Table 8. A performance analysis of 5G/mm-wave antennas for WPT applications.
Table 9. A performance analysis of 5G/mm-wave rectifiers for WPT systems.
Table 10. A performance analysis of 5G/mm-wave rectennas for WPT systems.
This article has presented a comprehensive review of the current literature on 5G/mm-wave rectenna systems for wireless power transfer and EH systems. A comparative assessment of the performance of various published rectenna systems has also been presented. The applications of 5G have been increasing due to the technology’s increased energy density in the ambient environment; hence, 5G bands are highly preferred for RFEH at present. Among various 5G bands, 5G mm-wave bands overcome the spectrum scarcity issues that arise in the sub-6-GHz 5G band and also provide a high data rate and widespread coverage.
For WPT applications, a high-gain antenna and CP characteristics are preferred, and for RFEH applications, omnidirectional and all polarization characteristic antennas are highly preferred due to multisource harvesting. Applications at a 3.5-GHz frequency in the sub-6-GHz 5G band and 24/35-GHz frequencies in the mm-wave 5G band are found more than at other frequencies. At sub-6-GHz 5G band frequencies, HSMS-285x series diodes are found to be suitable for moderate to high input power levels. At mm-wave 5G frequencies, a Schottky diode with a low junction capacitance is found suitable; hence, the MA4E1317 Schottky diode is the most adopted for rectifier design. Low PCE and output voltage performances are observed at high RF frequencies over low RF frequencies.

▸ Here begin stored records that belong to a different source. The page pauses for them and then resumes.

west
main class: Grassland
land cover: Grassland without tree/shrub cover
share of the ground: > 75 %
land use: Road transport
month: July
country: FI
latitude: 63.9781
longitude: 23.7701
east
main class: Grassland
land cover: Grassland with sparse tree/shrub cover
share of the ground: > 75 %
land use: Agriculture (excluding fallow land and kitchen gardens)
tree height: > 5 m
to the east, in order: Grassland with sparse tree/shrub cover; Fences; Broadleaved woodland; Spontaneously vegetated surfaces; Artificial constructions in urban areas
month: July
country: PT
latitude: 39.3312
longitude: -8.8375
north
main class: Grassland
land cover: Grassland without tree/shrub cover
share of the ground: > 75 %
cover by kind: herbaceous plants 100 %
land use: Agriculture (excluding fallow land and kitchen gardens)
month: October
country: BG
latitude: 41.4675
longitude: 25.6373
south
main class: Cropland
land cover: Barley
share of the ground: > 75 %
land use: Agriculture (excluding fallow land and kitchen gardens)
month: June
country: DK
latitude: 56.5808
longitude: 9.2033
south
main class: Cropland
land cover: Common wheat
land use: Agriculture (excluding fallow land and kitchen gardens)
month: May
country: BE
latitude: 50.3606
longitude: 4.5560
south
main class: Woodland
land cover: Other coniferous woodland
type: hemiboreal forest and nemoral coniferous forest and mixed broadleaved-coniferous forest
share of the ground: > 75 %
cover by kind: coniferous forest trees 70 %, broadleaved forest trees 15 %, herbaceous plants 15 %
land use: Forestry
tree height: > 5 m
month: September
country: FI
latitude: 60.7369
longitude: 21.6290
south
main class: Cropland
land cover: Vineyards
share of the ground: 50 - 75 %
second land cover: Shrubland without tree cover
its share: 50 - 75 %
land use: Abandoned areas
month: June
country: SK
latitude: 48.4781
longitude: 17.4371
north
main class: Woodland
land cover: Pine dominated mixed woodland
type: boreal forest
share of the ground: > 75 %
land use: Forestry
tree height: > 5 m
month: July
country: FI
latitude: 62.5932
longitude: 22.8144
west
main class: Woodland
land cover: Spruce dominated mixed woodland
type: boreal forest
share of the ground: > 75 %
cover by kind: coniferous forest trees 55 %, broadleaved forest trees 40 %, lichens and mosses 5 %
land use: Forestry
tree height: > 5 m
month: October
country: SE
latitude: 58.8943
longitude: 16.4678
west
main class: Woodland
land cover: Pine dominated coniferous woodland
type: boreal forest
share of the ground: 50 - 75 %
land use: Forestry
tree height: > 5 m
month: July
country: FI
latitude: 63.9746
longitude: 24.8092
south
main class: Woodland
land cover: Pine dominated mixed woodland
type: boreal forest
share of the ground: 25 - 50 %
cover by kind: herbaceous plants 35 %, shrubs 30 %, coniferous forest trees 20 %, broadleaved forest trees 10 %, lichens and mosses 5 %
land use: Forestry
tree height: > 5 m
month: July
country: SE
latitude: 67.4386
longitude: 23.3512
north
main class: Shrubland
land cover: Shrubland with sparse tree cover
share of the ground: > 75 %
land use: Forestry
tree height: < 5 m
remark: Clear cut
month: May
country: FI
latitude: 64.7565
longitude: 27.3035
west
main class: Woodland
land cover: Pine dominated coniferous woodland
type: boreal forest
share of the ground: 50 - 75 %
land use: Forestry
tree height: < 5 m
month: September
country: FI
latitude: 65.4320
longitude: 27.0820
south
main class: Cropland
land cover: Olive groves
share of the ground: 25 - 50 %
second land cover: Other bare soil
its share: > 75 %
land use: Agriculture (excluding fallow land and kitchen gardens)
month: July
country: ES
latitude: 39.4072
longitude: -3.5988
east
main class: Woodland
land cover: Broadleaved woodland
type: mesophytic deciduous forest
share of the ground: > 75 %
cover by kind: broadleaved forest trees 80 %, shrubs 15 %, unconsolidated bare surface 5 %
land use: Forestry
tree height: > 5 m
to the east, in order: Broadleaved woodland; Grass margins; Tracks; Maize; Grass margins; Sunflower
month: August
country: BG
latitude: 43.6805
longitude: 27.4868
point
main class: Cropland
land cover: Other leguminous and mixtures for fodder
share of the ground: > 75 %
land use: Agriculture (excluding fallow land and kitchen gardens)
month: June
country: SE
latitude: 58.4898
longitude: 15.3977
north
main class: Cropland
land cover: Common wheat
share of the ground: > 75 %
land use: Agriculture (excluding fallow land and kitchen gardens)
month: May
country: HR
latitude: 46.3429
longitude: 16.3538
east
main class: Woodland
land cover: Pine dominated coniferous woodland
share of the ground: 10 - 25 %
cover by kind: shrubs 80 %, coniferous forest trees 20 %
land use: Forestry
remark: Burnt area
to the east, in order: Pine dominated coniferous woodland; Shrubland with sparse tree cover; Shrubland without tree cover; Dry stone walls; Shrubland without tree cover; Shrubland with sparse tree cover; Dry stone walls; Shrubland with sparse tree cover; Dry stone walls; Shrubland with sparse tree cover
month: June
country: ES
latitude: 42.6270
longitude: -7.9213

The wide angular coverage of the rectenna helps to increase the harvesting power. The Rotman lens-based beamforming network is widely used for wide angular coverage in mm-wave EH applications. The writers have done their best to compile the most recent contributions from the global research community; nonetheless, if any significant article(s) is/are overlooked unintentionally, the authors humbly apologize.
This work was supported by the Science and Engineering Research Board, Government of India, under the Visiting Advanced Joint Research scheme (grant VJR/2019/000009).
Daasari Surender (surender.daasari@gmail.com) is an assistant professor in the Department of Electronics and Communication Engineering, Vaageswari College of Engineering, Karimnagar 505527 India. His research interests include planar antennas, dielectric resonator antennas, and radio-frequency energy harvesting systems. He is a Member of IEEE.
Md. Ahsan Halimi (ahsanhalimi@gmail.com) is pursuing his Ph.D. degree in the Department of Electronics and Communication Engineering, National Institute of Technology Silchar, Silchar 788010 India. His research interests include radio-frequency energy harvesting, microwave rectifiers, and ultrawideband and reconfigurable antennas. He is a Student Member of IEEE.
Taimoor Khan (ktaimoor@ieee.org) is an associate professor in the Department of Electronics and Communication Engineering, National Institute of Technology Silchar, Silchar 788010 India. His research interests include printed microwave circuits, dielectric resonator antennas, artificial intelligence paradigms, and radio-frequency energy harvesting systems. He is a Senior Member of IEEE.
Fazal A. Talukdar (fatalukdar@gmail.com) is a professor in the Department of Electronics and Communication Engineering, National Institute of Technology Silchar, Silchar 788010 India. His research interests include signal processing, communication, power electronics, and analog circuit design. He is a Senior Member of IEEE.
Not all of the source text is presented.